Why did this happen? With the advancement of technologies in drilling and hydraulic fracturing (fracking), not to mention the improvements to detecting or finding fossil fuels, production growth has exceeded Hubbert’s initial calculations.

Therein lies the controversy. Was Hubbert truly correct in his prediction? Some energy analysts don’t think so, believing that peak oil was reached in the early 2000s rather than the 1970s. Others argue that the world hasn’t come close to reaching peak oil production yet, and that there are even more oil reserves lying undiscovered in the Arctic, South America, and Africa. Determining when peak oil will occur (or if it already has) is dependent on measuring the world’s available oil reserves and future oil extraction technologies.

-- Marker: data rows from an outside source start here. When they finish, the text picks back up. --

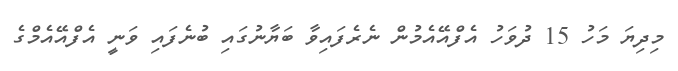
މިދިޔަ މަހު 15 ދުވަހު އެފްއޭއެމުން ނެރެފައިވާ ބަޔާނުގައި ބުނެފައި ވަނީ އެފްއޭއެމްގެ
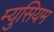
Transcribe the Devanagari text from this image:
म्युसियम
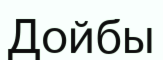
Дойбы
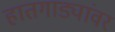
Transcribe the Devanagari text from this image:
हातगाड्यांवर
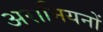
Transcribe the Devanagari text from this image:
अरामियनों

What Will Happen After Peak Oil?

Peak oil doesn’t necessarily mean that the world will run out of oil, but rather that we will run out of cheap oil. With a majority of our economy and everyday lives reliant on a steady supply of cheap oil and petroleum products, the stakes are obviously quite high when it comes to peak oil theory.

A drop in oil supply would lead to a spike in oil and fuel prices, which would affect everything from the agriculture industry to the transportation industry to the technology industry. The consequences could be as serious as widespread famine as food supplies dwindle or a mass exodus from metropolitan areas as the oil supply drops. At its worst, peak oil could lead to massive public unrest, geopolitical upheaval, and the unraveling of the fabric of the global economy. If the peak oil theory holds, it only makes sense to begin investing in alternative and renewable sources of energy now.